| WORK TO BE COMPLETED |
When you retype the data, keep every word exactly and include none of the pictures.

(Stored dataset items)
==================================================
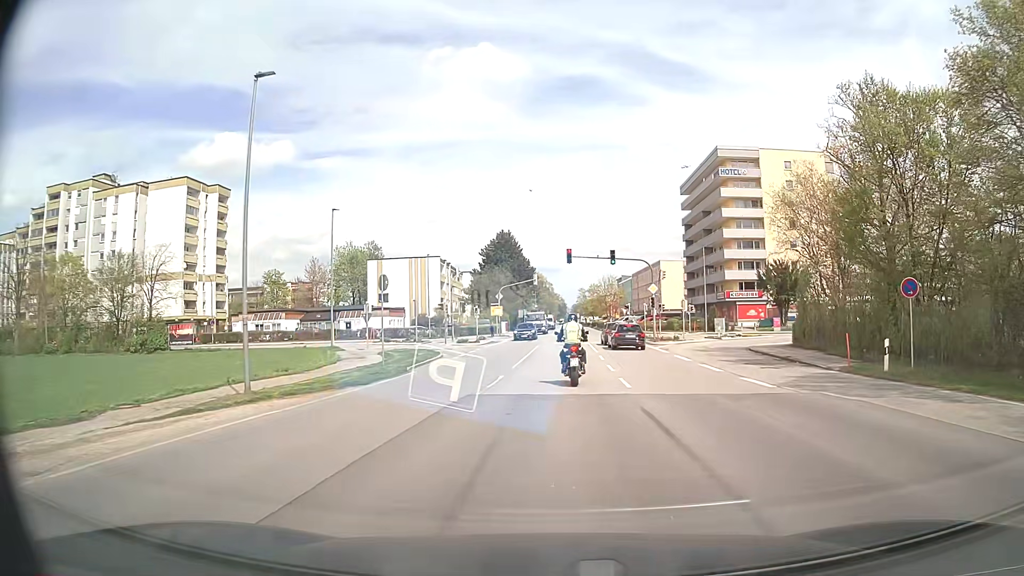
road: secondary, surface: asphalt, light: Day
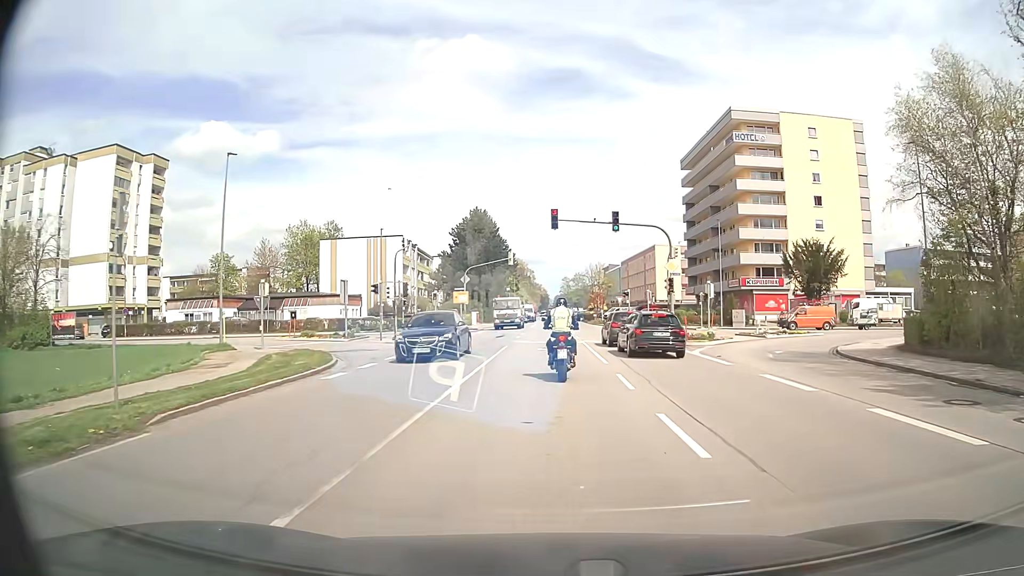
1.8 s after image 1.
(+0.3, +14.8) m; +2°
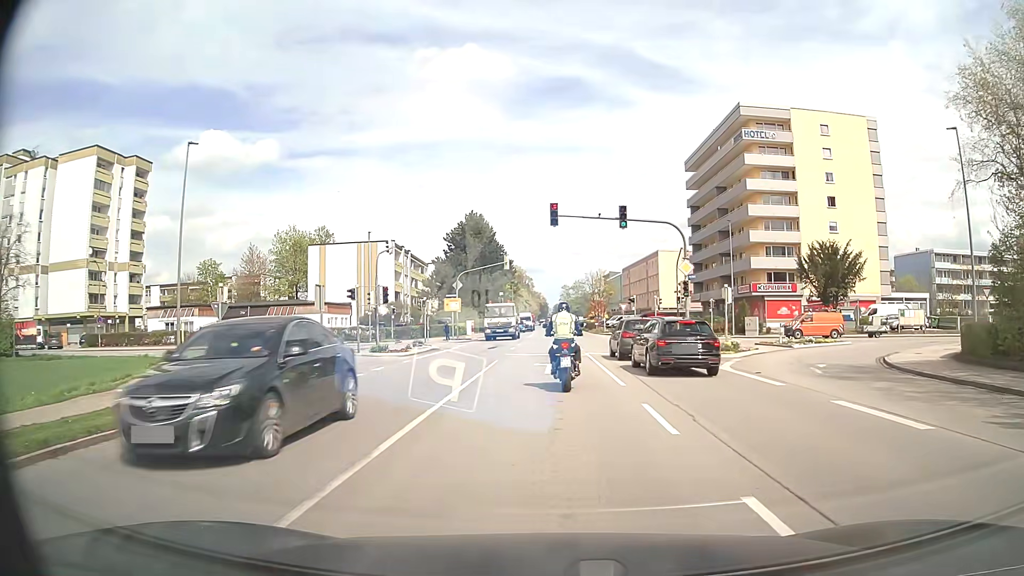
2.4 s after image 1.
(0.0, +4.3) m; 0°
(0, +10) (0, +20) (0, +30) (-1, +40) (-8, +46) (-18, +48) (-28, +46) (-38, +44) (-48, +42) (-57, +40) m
==================================================
| RESPONSE TO THIS TASK |
road: secondary, surface: asphalt, light: Day
1.8 s after image 1.
(+0.3, +14.8) m; +2°
2.4 s after image 1.
(0.0, +4.3) m; 0°
(0, +10) (0, +20) (0, +30) (-1, +40) (-8, +46) (-18, +48) (-28, +46) (-38, +44) (-48, +42) (-57, +40) m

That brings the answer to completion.